Men’s Wear 1790-1829, Plate 002, 1807. Gift of Woodman Thompson Costume Institute Fashion Plates Metropolitan Museum of Art
John Myers. Oil on canvas by Thomas Sully, 1814. MFA Boston 45.894 Gift of Maxim Karolik for the M. and M. Karolik Collection of American Paintings, 1815–1865
I stopped at Plate 002, because I knew I’d seen that coat somewhere before. Why, yes: at the MFA in the Art of the Americas Wing, where I recently spent a pleasant afternoon with the Drunk Tailor. After some initial joy at discovering dust on a teapot, we got down to the business of setting off proximity alarms, reading labels, and contemplating the occasional neck stock.
Mr Myers stopped me, though: what a handsome coat. High shoulder seams, long cuffs, buttoned all the way up. Nifty high-waisted grey trousers, too, and what seems to be a yellow waist coat. The portrait is dated 1814, and the fashion plate 1807.
Detail, 1807 fashion plate
Hmmmm…
Men’s Wear 1790-1829, Plate 005, 1807. Gift of Woodman Thompson, Metropolitan Museum of Art
The brown M-notch collar coat is clearly a thing in 1807. It’s popular in 1802. So popular. 1802 on the left. On the right, 1812.

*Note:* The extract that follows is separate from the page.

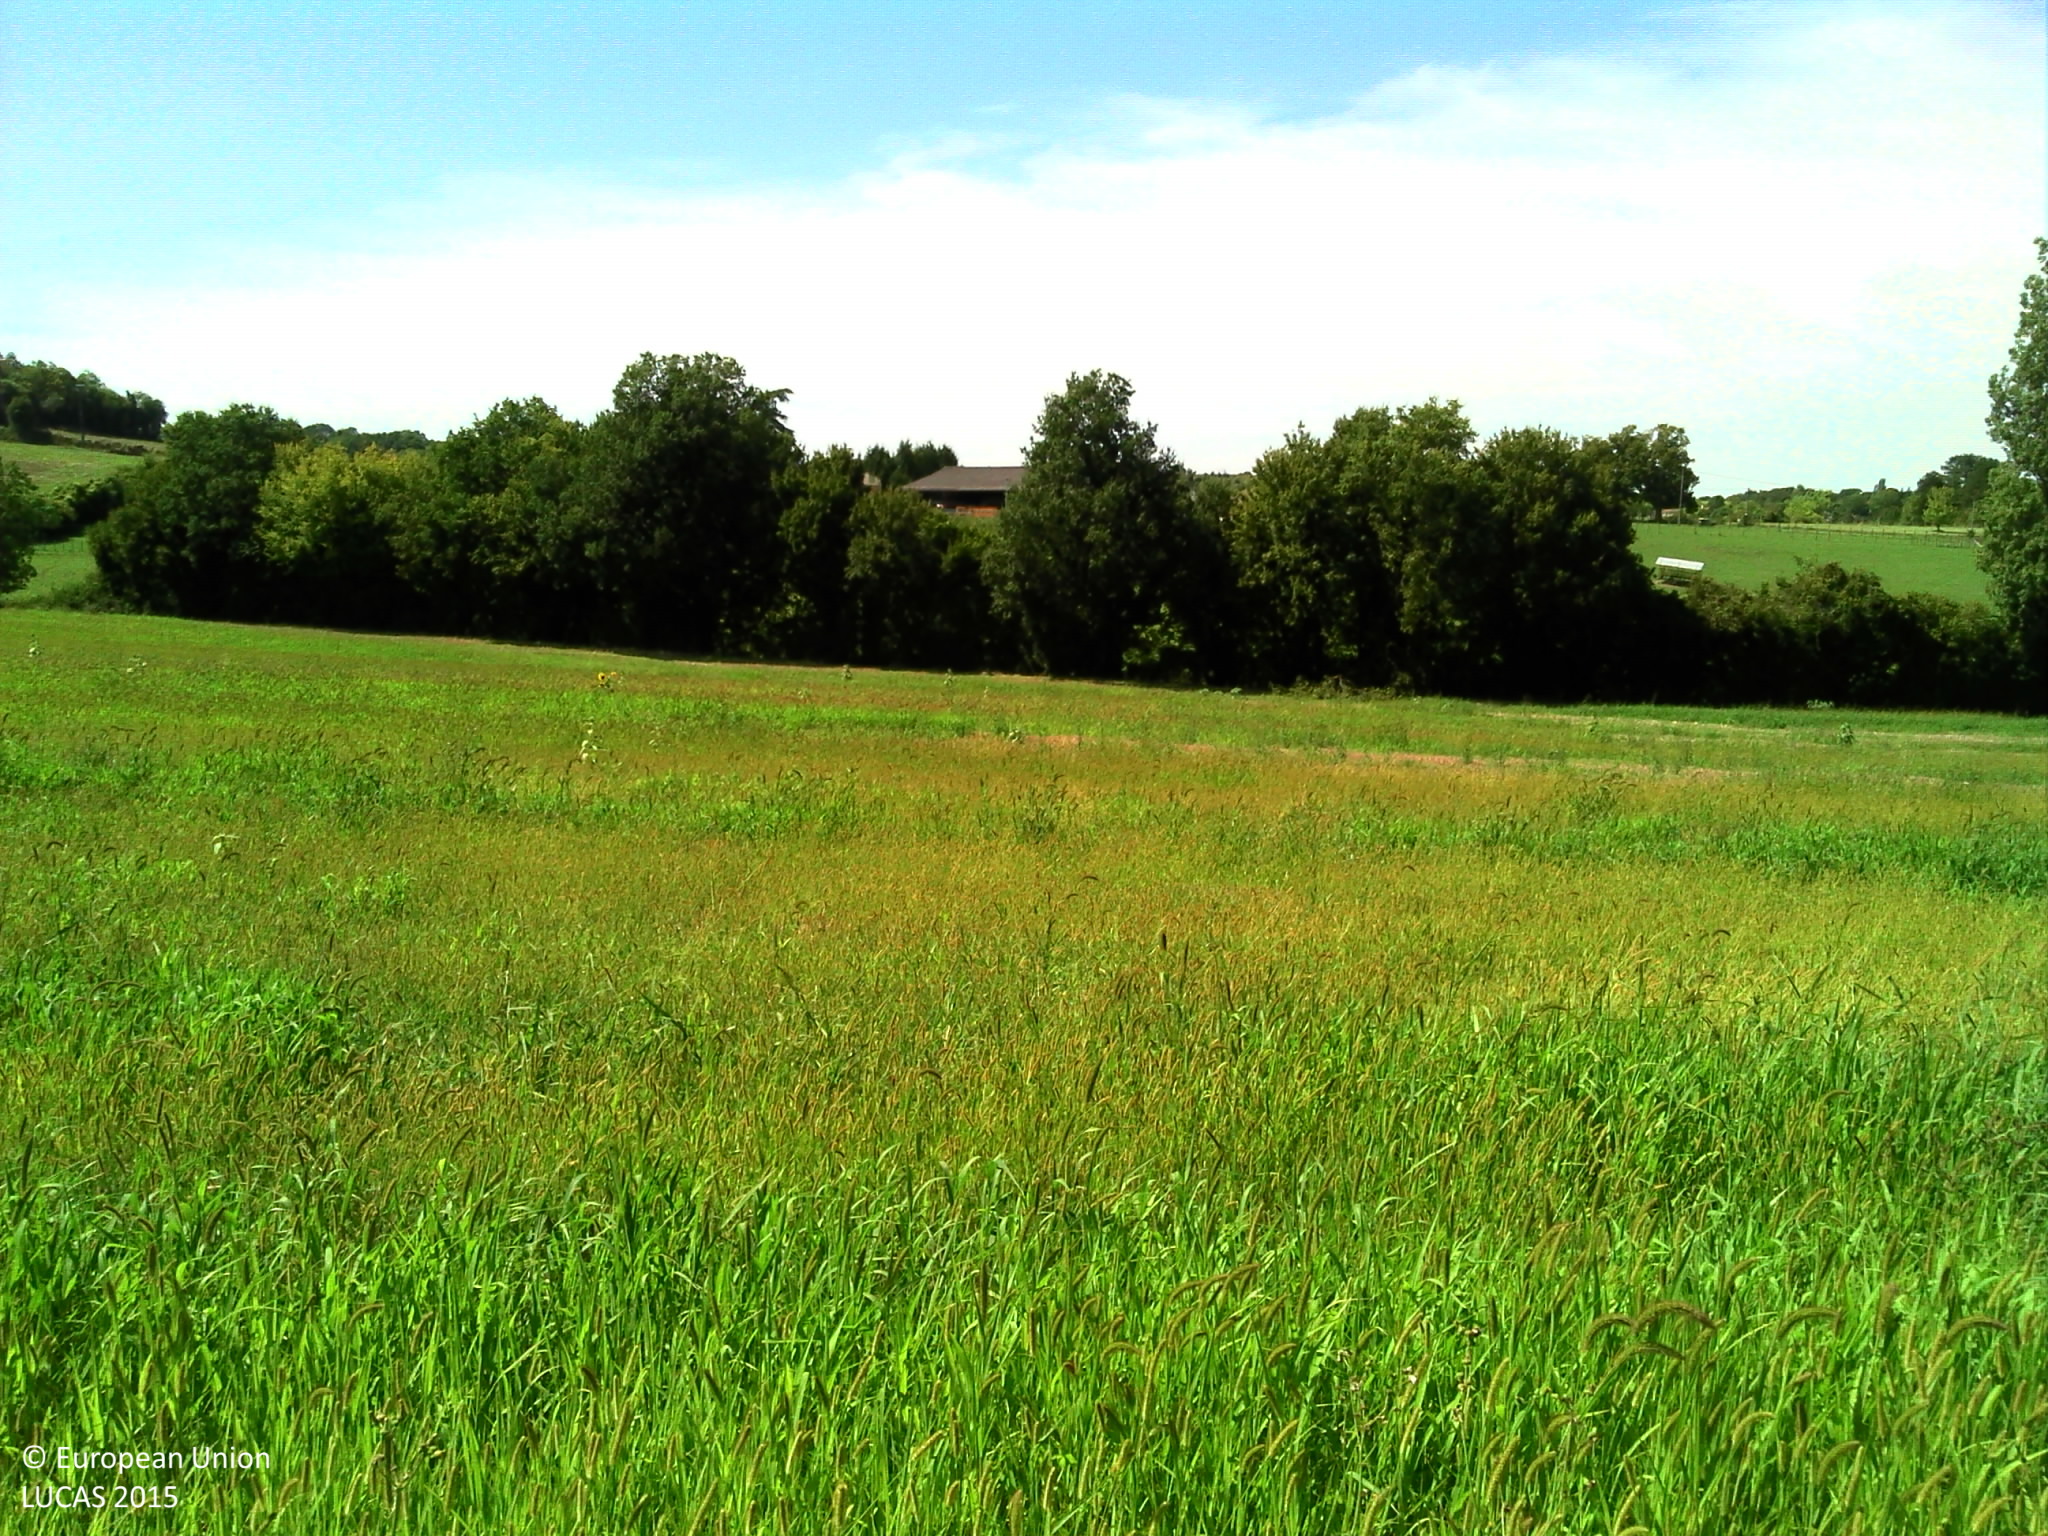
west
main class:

Portrait of a Gentleman of the Society of the Cincinnati. Miniature by James Peale, American, 1802. Philadelphia Museum of Art, 2000-137-11
Portrait of a Young Man by James Peale, 1812. Philadelphia Museum of Art, 1944-47-1
And our friend Sully paints one in 1814.
After seeing Copley and other early American painters use English prints as references for portraiture, I wondered if Sully was at all influenced by fashion plates, and then to what degree American men and their tailors were influenced by published fashion plates.
Portrait of the Artist. Thomas Sully, 1821. Metropolitan Museum of Art, 94.23.3
Brown coats are clearly classic: Sully’s got one himself in 1821. I’m sure there’s a dissertation out there somewhere on the influence of fashion plates on American men’s fashion and representation in portraiture– I can almost remember stumbling across the reference. So that echoes and re-echoes and reflects through time even as I recall not just the the folk wisdom about brown suits, but the significance of well-tailored suit. Maybe from 1802-1821, brown is the new black.
*Ah, teenagers. The Young Mr failed to complete a paper by the due date, so I spent some quality time ensuring he got back on track.